SUPPLIED RECORDS:
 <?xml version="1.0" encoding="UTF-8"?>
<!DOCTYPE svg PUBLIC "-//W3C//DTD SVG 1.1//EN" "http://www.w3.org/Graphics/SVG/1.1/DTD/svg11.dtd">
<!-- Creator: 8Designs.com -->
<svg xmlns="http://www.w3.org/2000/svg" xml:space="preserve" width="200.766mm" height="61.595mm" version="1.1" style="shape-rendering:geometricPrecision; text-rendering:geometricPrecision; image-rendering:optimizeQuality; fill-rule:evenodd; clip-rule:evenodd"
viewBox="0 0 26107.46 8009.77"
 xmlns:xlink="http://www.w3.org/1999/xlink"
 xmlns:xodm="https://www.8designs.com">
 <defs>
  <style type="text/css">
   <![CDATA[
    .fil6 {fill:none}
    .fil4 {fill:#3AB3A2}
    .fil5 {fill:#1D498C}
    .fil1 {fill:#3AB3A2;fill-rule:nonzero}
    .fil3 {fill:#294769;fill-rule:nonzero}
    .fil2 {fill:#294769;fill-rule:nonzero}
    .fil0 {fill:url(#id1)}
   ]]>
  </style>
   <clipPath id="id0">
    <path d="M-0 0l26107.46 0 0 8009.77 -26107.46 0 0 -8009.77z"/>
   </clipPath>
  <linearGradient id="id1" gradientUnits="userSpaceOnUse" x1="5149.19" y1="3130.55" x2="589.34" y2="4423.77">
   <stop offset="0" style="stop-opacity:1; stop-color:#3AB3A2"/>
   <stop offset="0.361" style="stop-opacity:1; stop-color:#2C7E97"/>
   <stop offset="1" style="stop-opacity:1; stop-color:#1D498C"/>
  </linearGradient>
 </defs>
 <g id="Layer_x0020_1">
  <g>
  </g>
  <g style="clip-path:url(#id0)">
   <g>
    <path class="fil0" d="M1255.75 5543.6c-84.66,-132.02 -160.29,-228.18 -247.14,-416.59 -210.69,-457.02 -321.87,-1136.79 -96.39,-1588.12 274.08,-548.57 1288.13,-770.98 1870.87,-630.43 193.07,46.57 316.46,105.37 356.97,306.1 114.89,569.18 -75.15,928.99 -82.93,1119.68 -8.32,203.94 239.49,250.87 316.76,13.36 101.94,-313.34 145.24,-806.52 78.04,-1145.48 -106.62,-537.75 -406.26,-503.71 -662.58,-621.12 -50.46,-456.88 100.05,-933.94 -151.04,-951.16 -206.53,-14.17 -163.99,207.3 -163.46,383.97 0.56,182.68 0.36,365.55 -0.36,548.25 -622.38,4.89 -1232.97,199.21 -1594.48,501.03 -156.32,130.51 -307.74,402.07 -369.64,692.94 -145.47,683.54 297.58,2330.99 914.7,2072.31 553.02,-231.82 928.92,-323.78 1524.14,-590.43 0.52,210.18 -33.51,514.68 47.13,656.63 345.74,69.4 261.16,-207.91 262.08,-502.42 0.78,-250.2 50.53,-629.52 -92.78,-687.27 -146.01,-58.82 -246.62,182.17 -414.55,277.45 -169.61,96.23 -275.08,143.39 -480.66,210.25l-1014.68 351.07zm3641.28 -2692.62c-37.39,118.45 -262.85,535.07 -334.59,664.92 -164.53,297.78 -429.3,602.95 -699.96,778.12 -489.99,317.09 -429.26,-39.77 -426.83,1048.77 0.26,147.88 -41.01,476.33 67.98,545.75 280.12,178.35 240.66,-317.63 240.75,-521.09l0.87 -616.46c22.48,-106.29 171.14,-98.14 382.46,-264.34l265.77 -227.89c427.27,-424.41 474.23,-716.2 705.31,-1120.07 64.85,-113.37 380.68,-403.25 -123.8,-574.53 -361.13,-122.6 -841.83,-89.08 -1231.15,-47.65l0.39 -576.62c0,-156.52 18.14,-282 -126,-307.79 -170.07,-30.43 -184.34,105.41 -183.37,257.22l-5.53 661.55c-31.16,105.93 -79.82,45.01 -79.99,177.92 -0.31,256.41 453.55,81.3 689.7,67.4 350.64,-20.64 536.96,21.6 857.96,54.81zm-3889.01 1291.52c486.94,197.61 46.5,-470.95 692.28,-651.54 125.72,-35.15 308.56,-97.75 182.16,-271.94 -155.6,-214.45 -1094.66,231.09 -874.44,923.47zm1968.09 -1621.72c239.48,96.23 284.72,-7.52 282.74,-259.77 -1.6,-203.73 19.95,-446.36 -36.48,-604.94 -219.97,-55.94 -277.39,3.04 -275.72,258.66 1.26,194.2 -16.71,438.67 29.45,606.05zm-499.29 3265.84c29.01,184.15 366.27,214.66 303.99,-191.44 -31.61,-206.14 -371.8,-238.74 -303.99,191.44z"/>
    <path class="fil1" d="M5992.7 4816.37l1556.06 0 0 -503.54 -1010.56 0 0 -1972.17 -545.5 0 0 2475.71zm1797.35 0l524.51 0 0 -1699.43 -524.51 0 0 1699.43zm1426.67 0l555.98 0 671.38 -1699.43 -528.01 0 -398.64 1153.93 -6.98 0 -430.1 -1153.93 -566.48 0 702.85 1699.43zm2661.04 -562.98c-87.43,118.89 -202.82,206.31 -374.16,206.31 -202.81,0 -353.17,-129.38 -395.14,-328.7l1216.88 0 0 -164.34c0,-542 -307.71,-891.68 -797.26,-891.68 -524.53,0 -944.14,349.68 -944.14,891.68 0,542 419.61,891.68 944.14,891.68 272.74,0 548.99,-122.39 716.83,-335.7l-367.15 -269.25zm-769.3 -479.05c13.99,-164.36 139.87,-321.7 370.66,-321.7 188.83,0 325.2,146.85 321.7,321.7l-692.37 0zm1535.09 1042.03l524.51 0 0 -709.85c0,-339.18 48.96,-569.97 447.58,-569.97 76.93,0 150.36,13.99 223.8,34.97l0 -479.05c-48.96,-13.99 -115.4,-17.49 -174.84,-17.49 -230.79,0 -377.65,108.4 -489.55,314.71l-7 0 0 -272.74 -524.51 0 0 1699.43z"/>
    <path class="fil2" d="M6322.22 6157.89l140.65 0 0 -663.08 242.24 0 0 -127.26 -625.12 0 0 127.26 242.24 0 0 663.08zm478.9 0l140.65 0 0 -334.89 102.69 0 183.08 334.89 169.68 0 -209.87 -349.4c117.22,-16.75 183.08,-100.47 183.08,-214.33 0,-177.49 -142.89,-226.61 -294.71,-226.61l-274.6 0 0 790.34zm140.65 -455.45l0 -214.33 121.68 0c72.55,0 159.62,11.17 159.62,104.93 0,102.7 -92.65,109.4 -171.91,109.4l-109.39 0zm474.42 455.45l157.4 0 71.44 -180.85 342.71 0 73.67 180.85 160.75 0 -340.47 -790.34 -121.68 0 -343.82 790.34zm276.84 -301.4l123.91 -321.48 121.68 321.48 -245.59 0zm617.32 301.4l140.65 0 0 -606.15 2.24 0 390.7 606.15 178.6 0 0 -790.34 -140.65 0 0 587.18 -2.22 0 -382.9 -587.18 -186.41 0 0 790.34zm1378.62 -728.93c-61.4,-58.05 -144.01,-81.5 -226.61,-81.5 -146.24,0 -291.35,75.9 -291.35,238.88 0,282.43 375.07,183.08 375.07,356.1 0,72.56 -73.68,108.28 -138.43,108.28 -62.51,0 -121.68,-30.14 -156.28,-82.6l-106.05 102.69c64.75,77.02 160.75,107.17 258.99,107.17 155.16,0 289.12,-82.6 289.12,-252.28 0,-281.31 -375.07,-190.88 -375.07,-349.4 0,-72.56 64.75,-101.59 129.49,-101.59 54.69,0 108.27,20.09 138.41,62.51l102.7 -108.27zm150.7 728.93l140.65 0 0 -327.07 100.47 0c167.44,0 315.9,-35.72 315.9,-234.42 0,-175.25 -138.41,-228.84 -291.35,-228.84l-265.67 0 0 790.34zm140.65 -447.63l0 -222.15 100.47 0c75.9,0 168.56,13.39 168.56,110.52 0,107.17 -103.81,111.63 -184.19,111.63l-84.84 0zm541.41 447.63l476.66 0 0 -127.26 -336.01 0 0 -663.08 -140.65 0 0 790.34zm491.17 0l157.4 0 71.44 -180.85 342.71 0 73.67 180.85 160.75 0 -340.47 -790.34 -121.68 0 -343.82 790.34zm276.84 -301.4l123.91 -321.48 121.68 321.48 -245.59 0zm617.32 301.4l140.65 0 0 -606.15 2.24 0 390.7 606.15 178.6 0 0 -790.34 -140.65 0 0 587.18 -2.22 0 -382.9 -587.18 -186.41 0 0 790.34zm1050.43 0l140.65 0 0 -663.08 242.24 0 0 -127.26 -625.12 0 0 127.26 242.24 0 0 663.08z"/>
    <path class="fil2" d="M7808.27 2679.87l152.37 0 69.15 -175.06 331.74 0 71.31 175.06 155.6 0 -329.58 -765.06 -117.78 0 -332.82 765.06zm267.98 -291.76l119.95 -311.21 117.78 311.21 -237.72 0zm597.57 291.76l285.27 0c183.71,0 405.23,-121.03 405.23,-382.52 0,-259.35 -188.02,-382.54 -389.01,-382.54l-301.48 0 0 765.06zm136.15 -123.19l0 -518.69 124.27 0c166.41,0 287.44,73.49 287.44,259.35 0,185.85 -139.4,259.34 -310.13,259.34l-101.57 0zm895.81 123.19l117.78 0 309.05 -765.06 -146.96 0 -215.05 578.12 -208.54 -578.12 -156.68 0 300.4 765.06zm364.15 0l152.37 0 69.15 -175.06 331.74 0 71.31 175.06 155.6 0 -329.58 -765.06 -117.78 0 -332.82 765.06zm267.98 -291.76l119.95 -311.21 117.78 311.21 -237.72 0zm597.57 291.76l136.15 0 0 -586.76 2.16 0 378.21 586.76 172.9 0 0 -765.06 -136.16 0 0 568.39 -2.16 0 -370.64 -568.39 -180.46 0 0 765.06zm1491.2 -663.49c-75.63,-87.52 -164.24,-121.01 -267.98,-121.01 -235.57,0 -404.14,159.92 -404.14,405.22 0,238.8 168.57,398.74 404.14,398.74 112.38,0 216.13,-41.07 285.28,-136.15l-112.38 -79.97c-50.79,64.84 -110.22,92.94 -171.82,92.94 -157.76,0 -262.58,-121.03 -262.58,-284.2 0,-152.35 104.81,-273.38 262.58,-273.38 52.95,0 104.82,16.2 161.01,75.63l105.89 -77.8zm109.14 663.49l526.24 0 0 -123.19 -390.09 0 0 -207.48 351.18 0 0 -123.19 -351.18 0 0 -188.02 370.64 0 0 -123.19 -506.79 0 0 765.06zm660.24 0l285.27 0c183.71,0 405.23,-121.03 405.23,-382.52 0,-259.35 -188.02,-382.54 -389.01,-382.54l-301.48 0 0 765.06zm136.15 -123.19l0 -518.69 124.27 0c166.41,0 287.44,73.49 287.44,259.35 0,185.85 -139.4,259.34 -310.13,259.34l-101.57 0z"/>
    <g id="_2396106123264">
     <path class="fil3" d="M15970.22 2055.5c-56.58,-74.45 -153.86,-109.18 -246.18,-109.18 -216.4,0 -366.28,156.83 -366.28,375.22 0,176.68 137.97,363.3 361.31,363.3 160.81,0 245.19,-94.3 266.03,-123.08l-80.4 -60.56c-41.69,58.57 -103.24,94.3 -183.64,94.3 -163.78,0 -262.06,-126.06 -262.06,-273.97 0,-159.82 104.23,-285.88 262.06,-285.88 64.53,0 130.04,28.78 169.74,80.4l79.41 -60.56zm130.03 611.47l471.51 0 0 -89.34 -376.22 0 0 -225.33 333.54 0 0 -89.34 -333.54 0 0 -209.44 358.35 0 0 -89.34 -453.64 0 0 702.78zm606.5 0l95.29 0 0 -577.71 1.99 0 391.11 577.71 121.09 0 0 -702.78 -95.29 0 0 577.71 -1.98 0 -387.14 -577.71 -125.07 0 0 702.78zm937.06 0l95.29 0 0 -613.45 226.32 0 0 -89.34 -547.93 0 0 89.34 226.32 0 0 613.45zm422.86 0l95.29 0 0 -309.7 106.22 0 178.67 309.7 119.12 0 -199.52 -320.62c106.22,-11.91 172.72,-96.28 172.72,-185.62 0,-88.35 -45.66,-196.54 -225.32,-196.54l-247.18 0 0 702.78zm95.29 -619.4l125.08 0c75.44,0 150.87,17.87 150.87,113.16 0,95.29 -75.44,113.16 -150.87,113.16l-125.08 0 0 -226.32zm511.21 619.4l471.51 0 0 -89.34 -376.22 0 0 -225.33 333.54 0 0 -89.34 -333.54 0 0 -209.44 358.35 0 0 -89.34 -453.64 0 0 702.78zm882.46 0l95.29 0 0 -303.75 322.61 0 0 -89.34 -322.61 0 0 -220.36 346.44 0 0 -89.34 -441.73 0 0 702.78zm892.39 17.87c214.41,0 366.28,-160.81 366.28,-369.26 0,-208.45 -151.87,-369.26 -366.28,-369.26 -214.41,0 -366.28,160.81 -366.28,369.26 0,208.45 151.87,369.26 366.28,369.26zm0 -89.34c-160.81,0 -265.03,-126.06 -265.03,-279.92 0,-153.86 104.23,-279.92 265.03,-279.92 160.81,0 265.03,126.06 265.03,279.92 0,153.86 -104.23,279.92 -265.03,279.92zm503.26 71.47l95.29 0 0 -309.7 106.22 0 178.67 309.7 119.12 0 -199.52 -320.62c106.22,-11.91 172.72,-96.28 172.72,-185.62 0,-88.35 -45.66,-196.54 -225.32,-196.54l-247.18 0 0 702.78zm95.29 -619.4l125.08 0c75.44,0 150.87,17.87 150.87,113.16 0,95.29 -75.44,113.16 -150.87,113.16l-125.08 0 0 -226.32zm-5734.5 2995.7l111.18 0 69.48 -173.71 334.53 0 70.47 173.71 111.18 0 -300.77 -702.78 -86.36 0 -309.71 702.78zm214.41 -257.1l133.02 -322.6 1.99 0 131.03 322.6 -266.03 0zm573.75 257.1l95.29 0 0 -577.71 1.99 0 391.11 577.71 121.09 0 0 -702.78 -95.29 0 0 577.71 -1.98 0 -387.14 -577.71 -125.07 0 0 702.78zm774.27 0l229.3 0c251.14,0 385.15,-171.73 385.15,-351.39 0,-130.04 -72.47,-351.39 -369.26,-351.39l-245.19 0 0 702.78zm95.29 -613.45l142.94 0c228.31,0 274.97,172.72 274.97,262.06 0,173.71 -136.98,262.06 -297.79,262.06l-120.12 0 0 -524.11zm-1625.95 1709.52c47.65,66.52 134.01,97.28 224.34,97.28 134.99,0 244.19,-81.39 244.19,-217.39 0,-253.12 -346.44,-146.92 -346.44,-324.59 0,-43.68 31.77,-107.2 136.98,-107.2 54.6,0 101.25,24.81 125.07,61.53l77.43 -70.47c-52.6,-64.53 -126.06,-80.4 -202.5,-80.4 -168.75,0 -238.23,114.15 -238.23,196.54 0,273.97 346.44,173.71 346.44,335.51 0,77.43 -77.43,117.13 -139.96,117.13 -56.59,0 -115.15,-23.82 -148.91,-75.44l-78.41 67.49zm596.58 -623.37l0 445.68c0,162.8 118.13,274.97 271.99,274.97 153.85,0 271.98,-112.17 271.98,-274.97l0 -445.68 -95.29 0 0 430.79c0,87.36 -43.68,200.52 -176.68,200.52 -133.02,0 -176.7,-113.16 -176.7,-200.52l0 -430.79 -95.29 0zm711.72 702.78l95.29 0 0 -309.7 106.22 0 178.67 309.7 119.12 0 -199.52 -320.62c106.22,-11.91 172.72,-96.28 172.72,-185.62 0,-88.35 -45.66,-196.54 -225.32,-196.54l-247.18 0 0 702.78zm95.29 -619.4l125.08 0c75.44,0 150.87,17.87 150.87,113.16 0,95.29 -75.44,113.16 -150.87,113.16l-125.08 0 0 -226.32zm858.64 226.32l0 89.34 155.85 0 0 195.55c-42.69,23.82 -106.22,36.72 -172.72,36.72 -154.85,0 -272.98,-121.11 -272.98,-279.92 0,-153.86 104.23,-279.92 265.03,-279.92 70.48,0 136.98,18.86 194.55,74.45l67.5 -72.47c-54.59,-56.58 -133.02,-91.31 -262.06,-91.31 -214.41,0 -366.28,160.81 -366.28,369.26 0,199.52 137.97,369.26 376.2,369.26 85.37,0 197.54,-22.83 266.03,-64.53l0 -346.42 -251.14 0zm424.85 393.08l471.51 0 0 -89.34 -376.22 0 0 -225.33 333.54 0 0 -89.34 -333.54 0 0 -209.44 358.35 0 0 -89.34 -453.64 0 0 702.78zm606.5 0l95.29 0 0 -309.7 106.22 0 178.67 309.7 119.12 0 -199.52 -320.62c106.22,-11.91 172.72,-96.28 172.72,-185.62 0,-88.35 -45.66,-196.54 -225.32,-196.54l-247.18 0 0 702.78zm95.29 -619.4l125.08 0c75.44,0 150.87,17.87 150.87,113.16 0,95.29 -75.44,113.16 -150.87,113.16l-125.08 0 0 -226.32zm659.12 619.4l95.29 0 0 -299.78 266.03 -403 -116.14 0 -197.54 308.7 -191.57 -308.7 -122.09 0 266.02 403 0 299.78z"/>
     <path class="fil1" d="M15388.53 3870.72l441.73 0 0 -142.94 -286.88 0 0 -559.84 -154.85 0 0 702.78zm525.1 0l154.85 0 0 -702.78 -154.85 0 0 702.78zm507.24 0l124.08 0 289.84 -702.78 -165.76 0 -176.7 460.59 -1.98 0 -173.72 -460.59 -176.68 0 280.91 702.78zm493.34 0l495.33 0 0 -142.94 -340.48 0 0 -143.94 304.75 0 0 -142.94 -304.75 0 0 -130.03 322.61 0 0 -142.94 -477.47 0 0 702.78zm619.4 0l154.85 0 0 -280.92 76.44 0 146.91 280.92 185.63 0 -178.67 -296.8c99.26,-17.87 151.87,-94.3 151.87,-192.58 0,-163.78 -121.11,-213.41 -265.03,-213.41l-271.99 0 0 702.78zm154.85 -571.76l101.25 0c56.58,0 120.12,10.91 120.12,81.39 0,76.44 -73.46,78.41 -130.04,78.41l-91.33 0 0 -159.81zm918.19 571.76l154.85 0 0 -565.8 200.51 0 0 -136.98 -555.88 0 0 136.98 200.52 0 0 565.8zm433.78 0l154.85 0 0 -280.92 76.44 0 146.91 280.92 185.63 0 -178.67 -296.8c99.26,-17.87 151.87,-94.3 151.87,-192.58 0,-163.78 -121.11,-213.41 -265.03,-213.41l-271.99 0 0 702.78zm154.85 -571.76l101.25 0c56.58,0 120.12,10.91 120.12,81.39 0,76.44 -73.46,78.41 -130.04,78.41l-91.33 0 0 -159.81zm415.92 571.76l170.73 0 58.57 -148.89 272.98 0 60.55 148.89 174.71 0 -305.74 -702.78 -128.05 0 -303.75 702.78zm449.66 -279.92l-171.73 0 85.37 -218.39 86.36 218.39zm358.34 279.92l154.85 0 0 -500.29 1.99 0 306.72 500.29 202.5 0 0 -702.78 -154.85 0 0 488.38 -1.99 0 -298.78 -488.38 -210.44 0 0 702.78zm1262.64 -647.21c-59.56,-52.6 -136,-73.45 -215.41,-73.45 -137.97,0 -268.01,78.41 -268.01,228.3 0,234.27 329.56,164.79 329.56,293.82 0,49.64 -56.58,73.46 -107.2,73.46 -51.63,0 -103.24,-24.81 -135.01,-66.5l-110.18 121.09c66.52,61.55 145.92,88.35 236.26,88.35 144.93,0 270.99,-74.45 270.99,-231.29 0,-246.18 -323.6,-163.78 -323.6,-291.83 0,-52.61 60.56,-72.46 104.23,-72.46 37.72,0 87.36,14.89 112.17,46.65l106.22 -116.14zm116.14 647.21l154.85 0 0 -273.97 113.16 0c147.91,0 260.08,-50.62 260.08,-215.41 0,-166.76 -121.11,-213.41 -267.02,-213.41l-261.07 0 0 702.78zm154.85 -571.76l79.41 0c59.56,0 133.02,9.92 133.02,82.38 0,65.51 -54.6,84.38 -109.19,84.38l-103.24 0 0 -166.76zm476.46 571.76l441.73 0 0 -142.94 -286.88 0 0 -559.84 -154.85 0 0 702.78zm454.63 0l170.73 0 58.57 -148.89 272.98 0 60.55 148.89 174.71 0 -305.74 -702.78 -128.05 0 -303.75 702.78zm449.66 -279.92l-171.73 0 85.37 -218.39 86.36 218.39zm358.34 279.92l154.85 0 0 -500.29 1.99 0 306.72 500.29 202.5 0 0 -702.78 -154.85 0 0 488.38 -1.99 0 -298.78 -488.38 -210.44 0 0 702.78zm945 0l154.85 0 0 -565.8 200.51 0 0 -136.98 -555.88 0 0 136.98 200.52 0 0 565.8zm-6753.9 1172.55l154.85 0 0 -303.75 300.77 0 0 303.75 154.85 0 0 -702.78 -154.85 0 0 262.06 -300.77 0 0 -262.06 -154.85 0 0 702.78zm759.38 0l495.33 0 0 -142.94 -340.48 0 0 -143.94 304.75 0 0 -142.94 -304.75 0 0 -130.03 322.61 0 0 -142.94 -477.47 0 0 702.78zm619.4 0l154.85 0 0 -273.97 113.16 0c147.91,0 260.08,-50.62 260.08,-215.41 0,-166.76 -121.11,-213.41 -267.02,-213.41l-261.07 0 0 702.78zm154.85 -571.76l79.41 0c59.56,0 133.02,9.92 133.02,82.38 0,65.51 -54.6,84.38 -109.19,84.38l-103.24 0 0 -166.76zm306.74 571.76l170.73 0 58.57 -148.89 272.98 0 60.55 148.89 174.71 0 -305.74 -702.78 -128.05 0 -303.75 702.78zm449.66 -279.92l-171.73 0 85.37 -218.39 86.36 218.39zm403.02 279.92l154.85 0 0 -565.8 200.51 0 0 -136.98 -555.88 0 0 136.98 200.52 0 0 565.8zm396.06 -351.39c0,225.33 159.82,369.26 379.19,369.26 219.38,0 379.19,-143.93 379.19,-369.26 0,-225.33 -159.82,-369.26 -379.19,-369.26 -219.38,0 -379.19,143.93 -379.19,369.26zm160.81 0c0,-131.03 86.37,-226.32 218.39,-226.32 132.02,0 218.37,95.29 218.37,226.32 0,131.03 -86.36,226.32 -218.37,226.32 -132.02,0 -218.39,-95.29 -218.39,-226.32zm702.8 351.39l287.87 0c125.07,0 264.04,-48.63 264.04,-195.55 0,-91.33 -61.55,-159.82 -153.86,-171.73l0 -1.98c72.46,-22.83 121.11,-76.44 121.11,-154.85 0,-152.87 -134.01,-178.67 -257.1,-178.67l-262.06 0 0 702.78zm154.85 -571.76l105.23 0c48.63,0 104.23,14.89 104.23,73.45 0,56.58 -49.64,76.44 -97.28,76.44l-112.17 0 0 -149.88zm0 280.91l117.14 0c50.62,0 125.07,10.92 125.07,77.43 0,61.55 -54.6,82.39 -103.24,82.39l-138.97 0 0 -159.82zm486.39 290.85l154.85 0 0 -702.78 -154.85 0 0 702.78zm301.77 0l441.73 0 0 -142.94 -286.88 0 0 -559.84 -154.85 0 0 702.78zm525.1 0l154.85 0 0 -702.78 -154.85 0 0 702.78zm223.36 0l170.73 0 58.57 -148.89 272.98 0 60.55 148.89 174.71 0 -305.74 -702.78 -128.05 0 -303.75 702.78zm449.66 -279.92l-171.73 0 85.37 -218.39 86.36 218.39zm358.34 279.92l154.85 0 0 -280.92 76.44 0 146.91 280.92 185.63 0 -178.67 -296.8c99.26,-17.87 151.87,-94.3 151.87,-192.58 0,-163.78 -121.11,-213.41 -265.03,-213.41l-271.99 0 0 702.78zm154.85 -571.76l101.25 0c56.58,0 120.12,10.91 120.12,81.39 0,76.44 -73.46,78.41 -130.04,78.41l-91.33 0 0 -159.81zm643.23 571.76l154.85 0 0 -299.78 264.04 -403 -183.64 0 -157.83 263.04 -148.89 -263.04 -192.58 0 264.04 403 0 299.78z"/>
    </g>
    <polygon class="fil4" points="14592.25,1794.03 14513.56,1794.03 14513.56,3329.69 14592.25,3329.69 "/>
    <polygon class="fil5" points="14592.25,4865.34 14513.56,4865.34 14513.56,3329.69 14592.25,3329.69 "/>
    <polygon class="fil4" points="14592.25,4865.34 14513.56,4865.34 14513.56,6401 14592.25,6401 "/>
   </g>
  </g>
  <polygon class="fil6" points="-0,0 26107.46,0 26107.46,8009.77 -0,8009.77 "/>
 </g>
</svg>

TASK DIRECTIONS:
Show every line in the entries where the string "xmlns" occurs.

EXPECTED ANSWER:
<svg xmlns="http://www.w3.org/2000/svg" xml:space="preserve" width="200.766mm" height="61.595mm" version="1.1" style="shape-rendering:geometricPrecision; text-rendering:geometricPrecision; image-rendering:optimizeQuality; fill-rule:evenodd; clip-rule:evenodd"
 xmlns:xlink="http://www.w3.org/1999/xlink"
 xmlns:xodm="https://www.8designs.com">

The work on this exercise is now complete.